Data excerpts
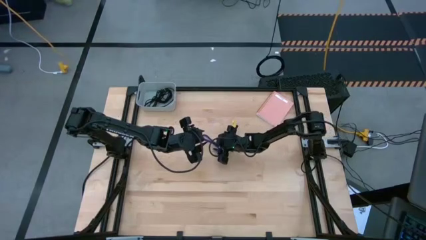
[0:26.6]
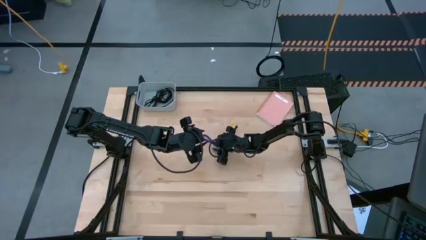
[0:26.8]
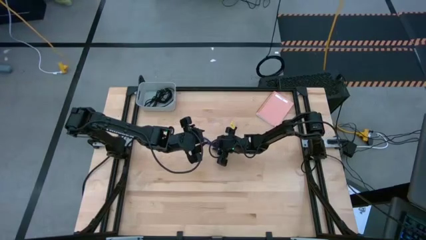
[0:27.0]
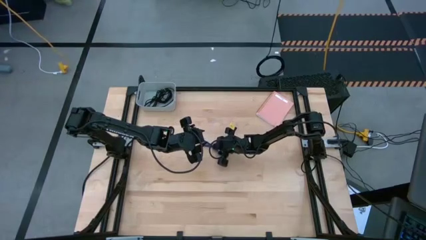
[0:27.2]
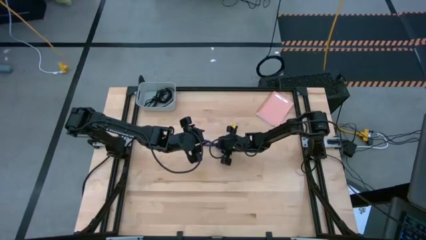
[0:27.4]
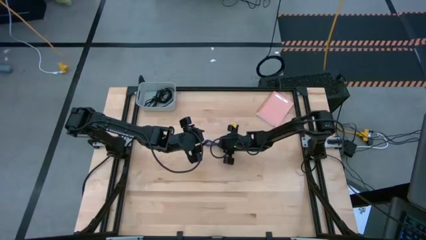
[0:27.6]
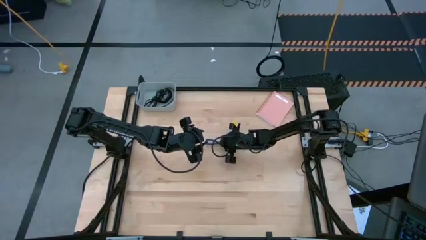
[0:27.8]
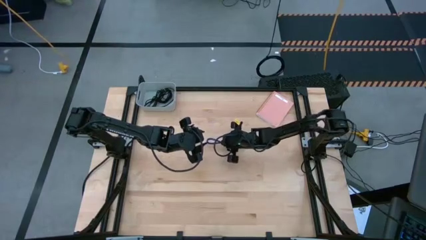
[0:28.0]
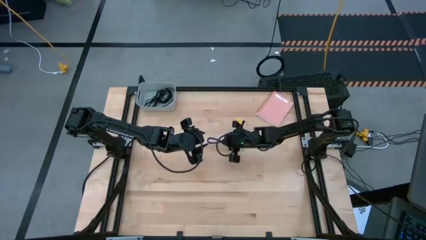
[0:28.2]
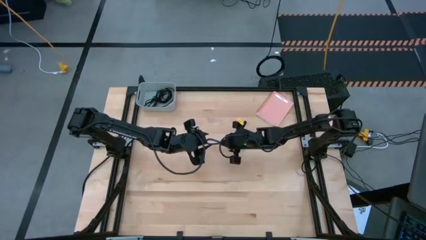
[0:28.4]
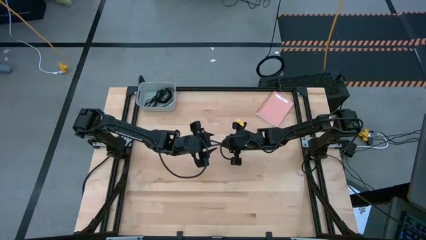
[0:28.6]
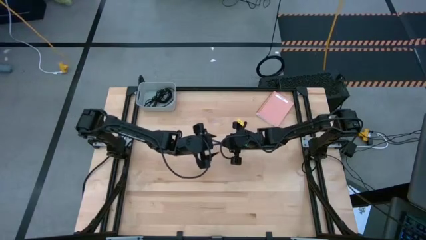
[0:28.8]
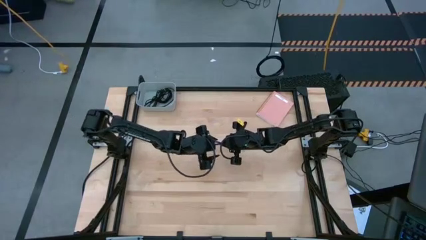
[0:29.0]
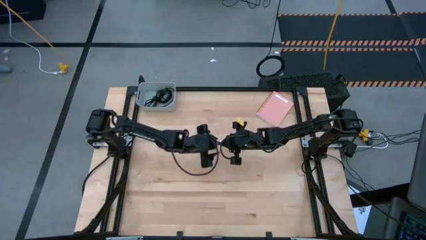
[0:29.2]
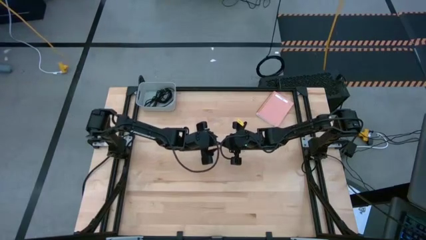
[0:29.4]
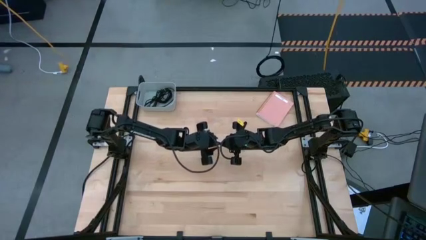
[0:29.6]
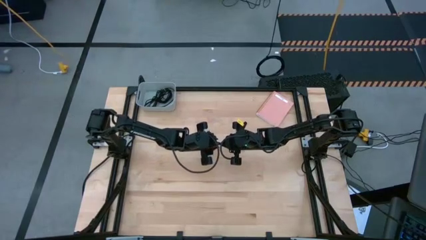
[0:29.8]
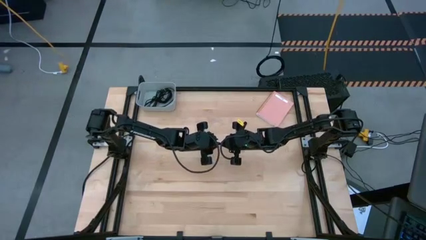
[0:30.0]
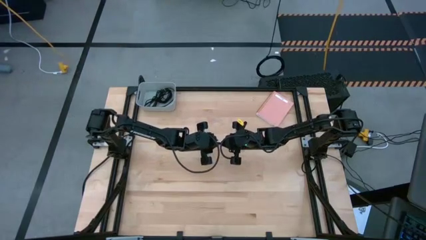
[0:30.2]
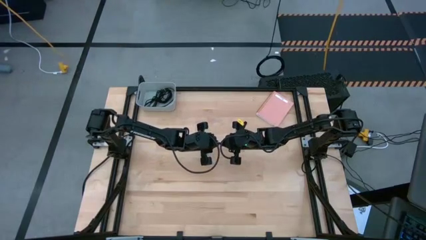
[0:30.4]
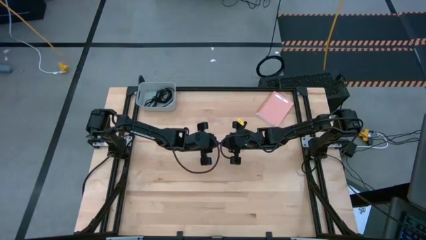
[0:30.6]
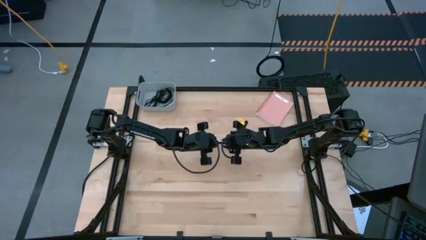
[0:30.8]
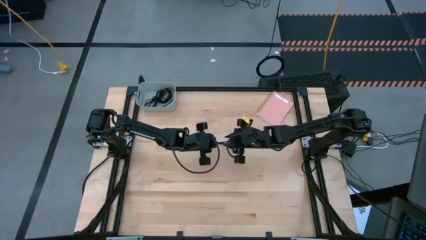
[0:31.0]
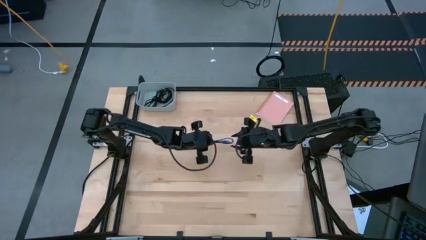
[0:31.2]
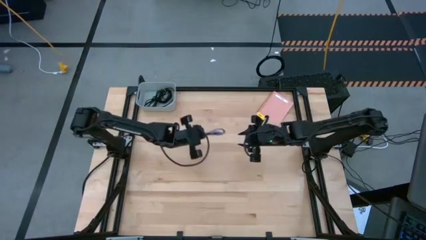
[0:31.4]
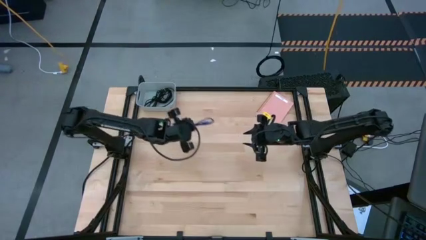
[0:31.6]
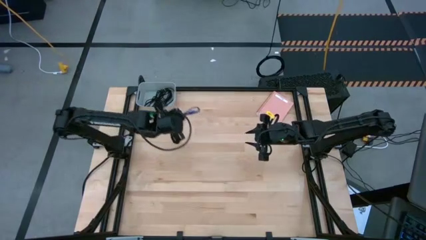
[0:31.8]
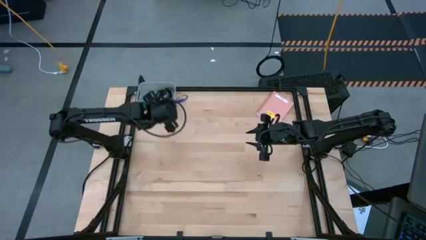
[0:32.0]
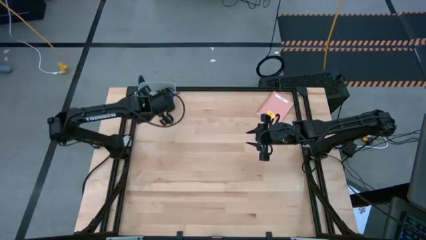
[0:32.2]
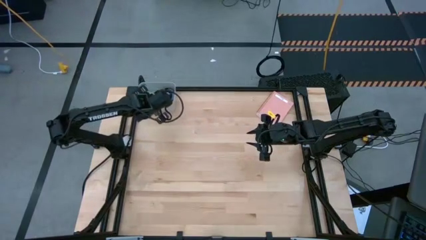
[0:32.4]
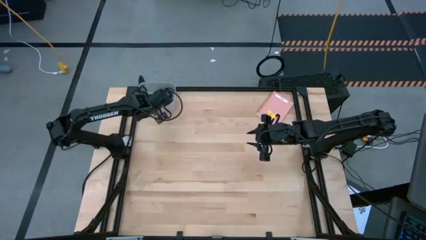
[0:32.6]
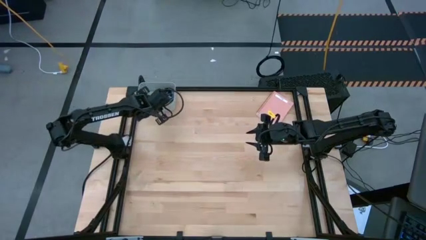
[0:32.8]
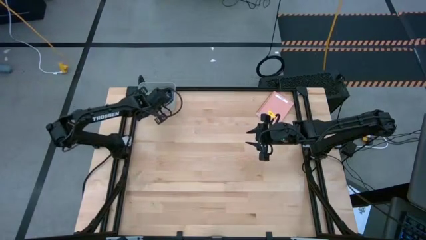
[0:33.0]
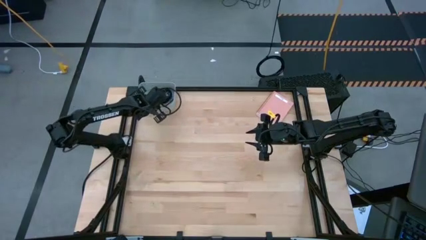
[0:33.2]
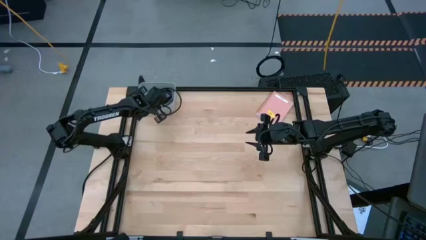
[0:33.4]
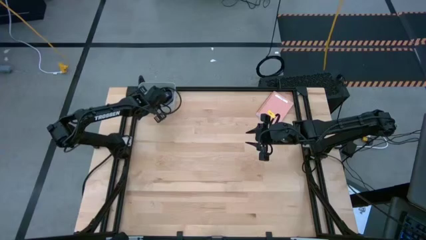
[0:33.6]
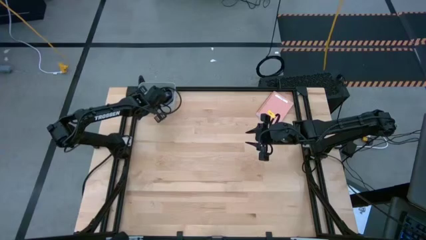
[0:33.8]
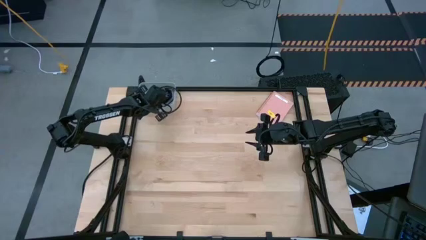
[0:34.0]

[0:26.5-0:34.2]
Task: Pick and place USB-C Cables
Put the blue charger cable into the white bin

*What to work on*. What is needed is an exact copy of all the entries above, minus the pictures.

*Exercise output*.
[0:26.6]
[0:26.8]
[0:27.0]
[0:27.2]
[0:27.4]
[0:27.6]
[0:27.8]
[0:28.0]
[0:28.2]
[0:28.4]
[0:28.6]
[0:28.8]
[0:29.0]
[0:29.2]
[0:29.4]
[0:29.6]
[0:29.8]
[0:30.0]
[0:30.2]
[0:30.4]
[0:30.6]
[0:30.8]
[0:31.0]
[0:31.2]
[0:31.4]
[0:31.6]
[0:31.8]
[0:32.0]
[0:32.2]
[0:32.4]
[0:32.6]
[0:32.8]
[0:33.0]
[0:33.2]
[0:33.4]
[0:33.6]
[0:33.8]
[0:34.0]

[0:26.5-0:34.2]
Task: Pick and place USB-C Cables
Put the blue charger cable into the white bin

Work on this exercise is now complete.